It's pretty easy to explain 'the previous age' for anyone who believes the Bible. The 'advanced' people who built those cities (and there are a number of them in far-flung places, including the Americas) were the people who were scattered at the Tower of Babel, some of whom were accompanied by their long-lived elders who were born right after the Flood. If you do a little math with the ages of people that are given in the Bible, you'll see that it was common for people to live nearly a thousand years before the Flood. The eight who were on the Ark lived out pretty much their normal life span after the Flood -- Shem would still have been alive when Abraham was a grown man, and they could even have met at some point. The first generation born after the Flood (which drastically changed the earth's environment) lived around six hundred years; each generation following had a shorter life-span. Even by the time Abraham came around people still often lived to be well over a hundred years -- Abraham was 175 when he died. 

There had been 'advanced' civilization prior to the Flood, and afterwards, as soon as there were enough people (which wouldn't have taken very long), they pretty much picked up where they left off. They weren't starting from scratch, any more than we would be if we were the only survivors of some cataclysmic disaster. In fact, they had an advantage over us, in that their technologies were such that they were easily started up again after the Flood, while we would have a VERY hard time reproducing most of our technologies from scratch.
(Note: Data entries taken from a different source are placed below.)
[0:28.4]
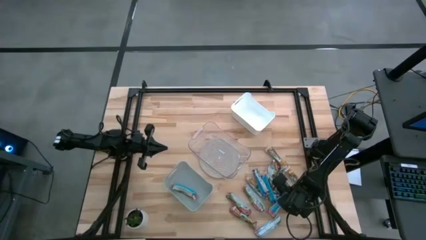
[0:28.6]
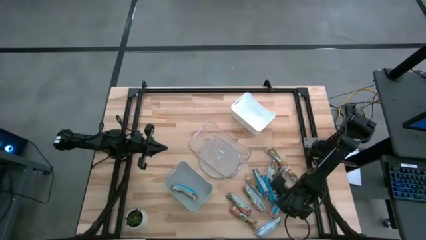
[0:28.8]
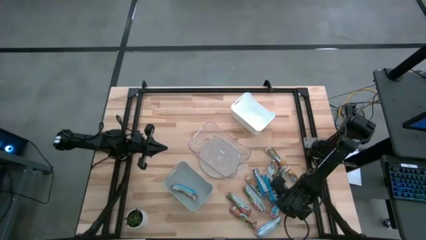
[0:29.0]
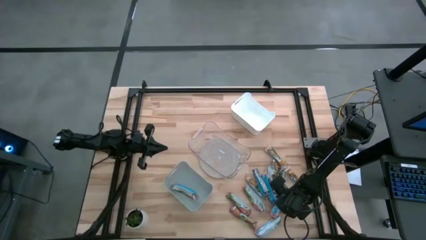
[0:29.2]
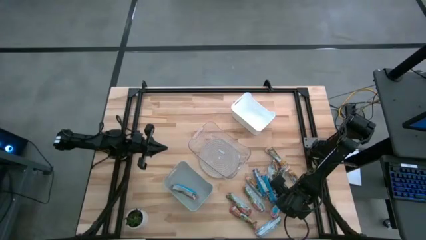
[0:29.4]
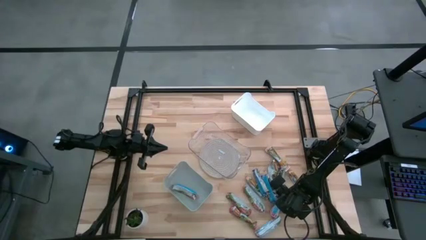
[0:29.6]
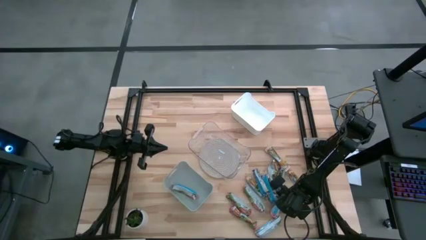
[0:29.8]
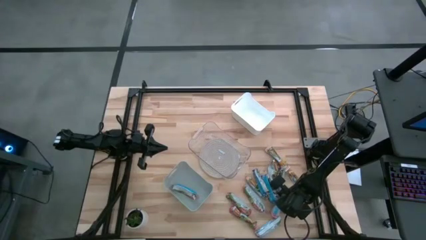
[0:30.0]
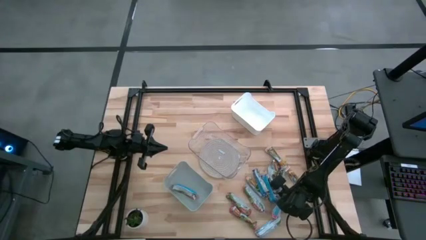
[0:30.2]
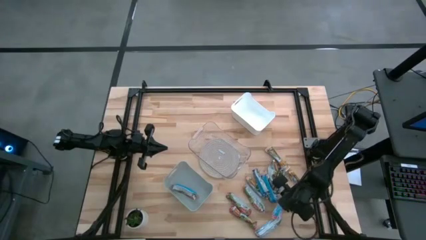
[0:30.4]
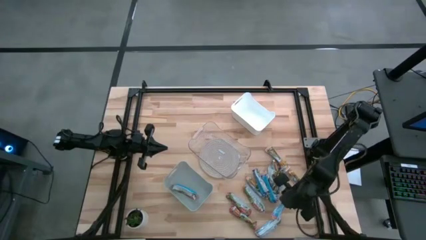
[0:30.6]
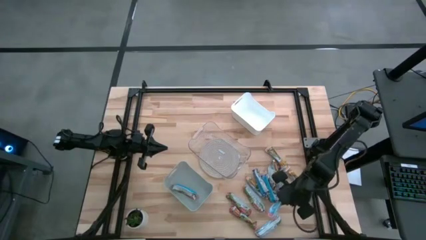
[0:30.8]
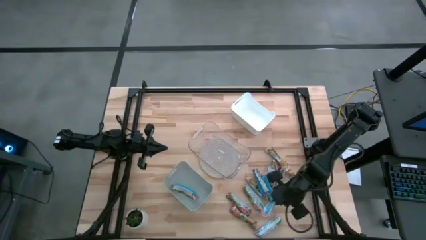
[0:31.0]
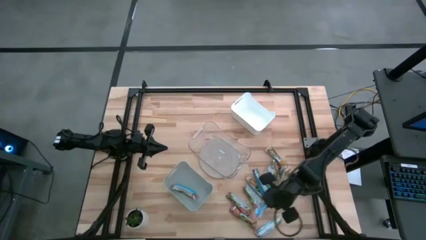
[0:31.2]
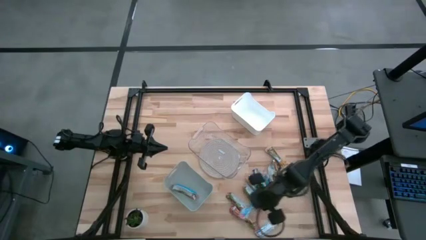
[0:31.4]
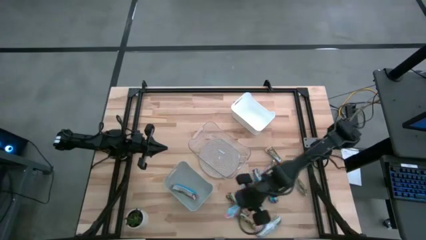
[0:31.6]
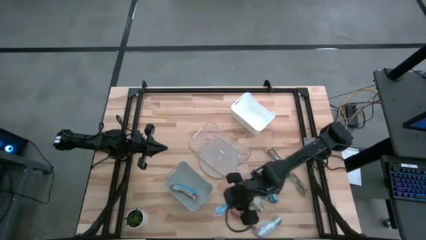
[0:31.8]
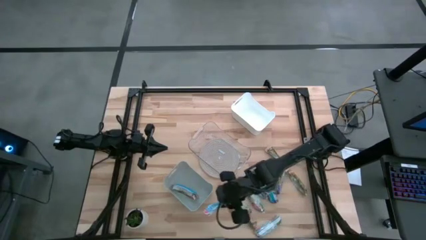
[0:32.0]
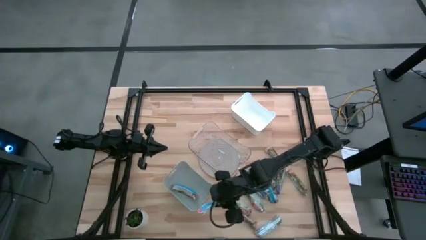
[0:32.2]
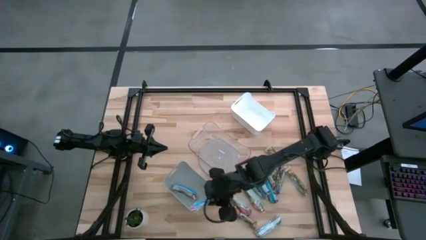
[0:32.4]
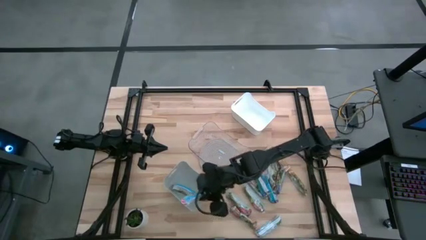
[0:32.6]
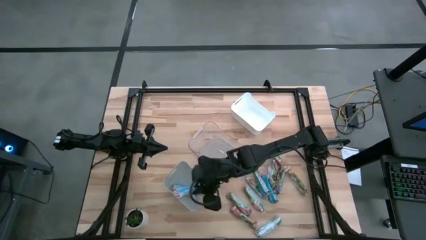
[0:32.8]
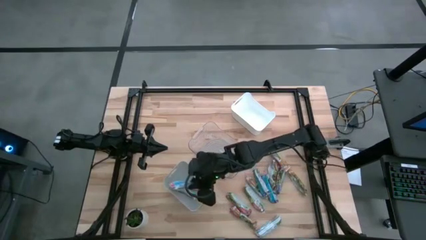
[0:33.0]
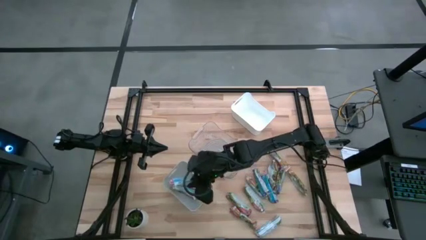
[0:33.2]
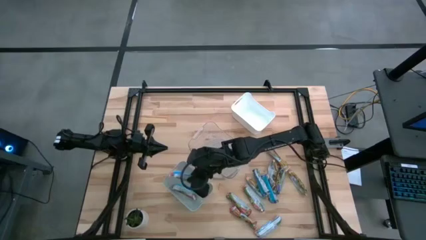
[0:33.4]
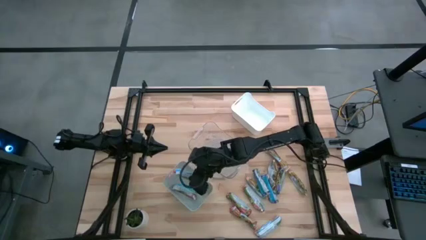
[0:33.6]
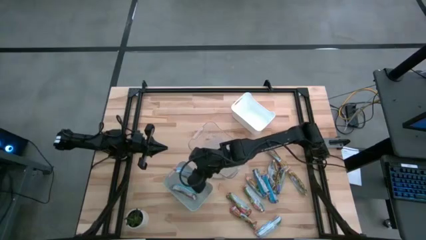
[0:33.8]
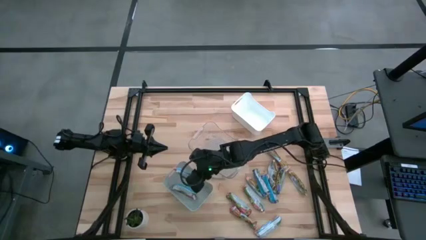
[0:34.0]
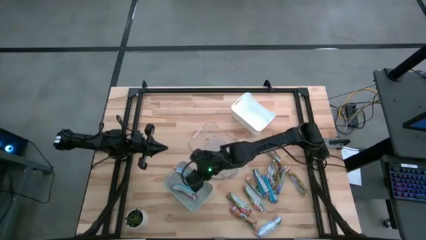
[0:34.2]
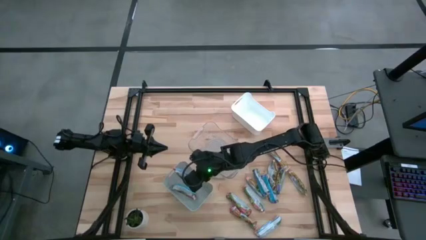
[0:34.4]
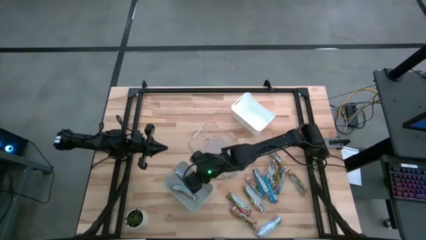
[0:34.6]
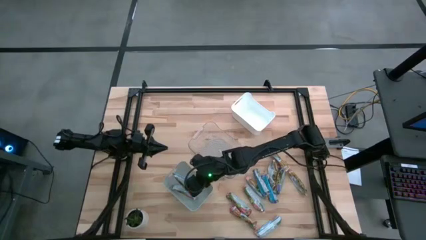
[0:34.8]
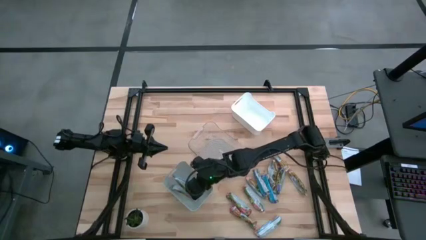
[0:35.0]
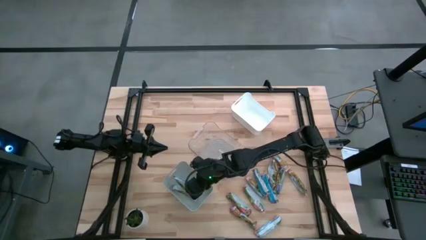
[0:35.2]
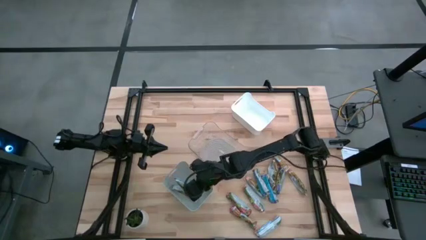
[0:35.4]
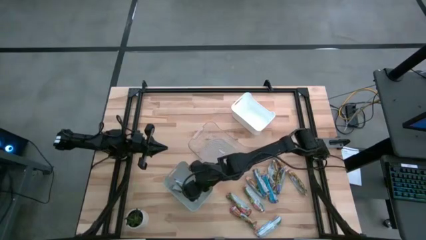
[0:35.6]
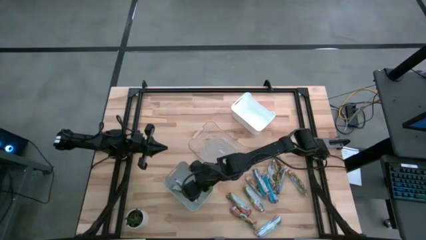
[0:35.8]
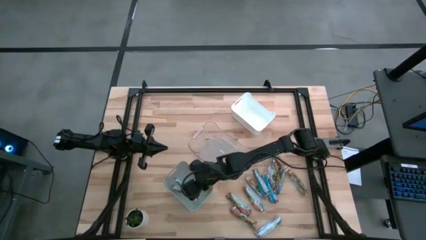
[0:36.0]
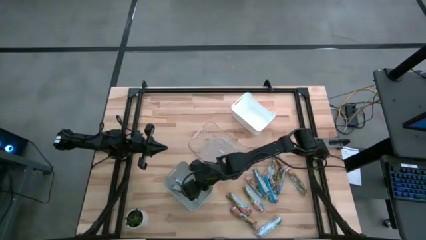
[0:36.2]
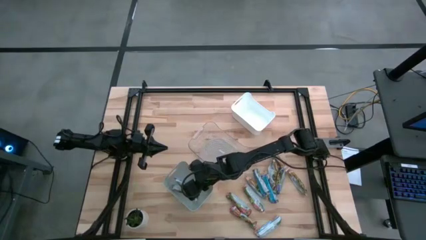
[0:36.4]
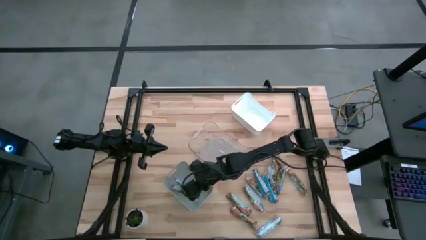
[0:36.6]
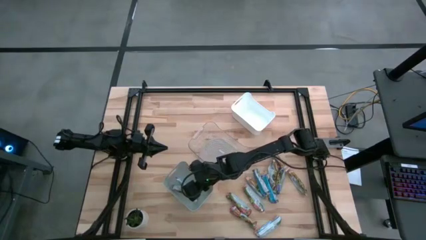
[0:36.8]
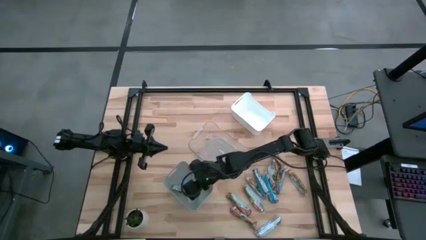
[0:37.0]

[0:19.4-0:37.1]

An interesting side note: I was thinking about elves a while back, and pondering what truth might lie behind the legends, and it occurred to me that the elf stories are probably based on ancestral memories of those long-lived and advanced people who lived right after the Flood -- or perhaps even on stories of what the world was like before the Flood, because I'm sure that Shem, Ham, and Japheth, and their wives, told their children what things were like in the antediluvian world. Then their children passed the stories down, and in the process of passing them down for a number of generations the stories got distorted and added onto. The Greek/Roman 'gods' came from the same source -- Jupiter/Zeus was originally Japheth, also written Iapeto (the ancestor of most of the European nations). 

The immediate trigger for my pondering on elves was the Lord of the Rings movies -- people seem to be so attracted to the elves in that story. Then I was remembering how many early Anglo-Saxon names began with elf, as in Elfrida, Elfled, and many others (usually with an a and e joined, but I can't write that here). If you look on-line there's a book by a guy called Bill Cooper, "After the Flood", that lays out the written evidence that the Table of Nations given in the Bible is accurate, and that some peoples, including the Anglo-Saxons, still had accurate oral and even in some cases written, records of their geneology's going right back to the sons of Noah. Bill Cooper found more evidence to support those geneologies than there is for some of the ancient Greek writers who are taken for granted to be true. (You can read the entire book on-line if you are interested. And you can e-mail Bill Cooper if you want to, also -- I sent him a picture of a Viking artifact -- labeled a 'toy horse', which is quite obviously a sea-going dinosaur's head.)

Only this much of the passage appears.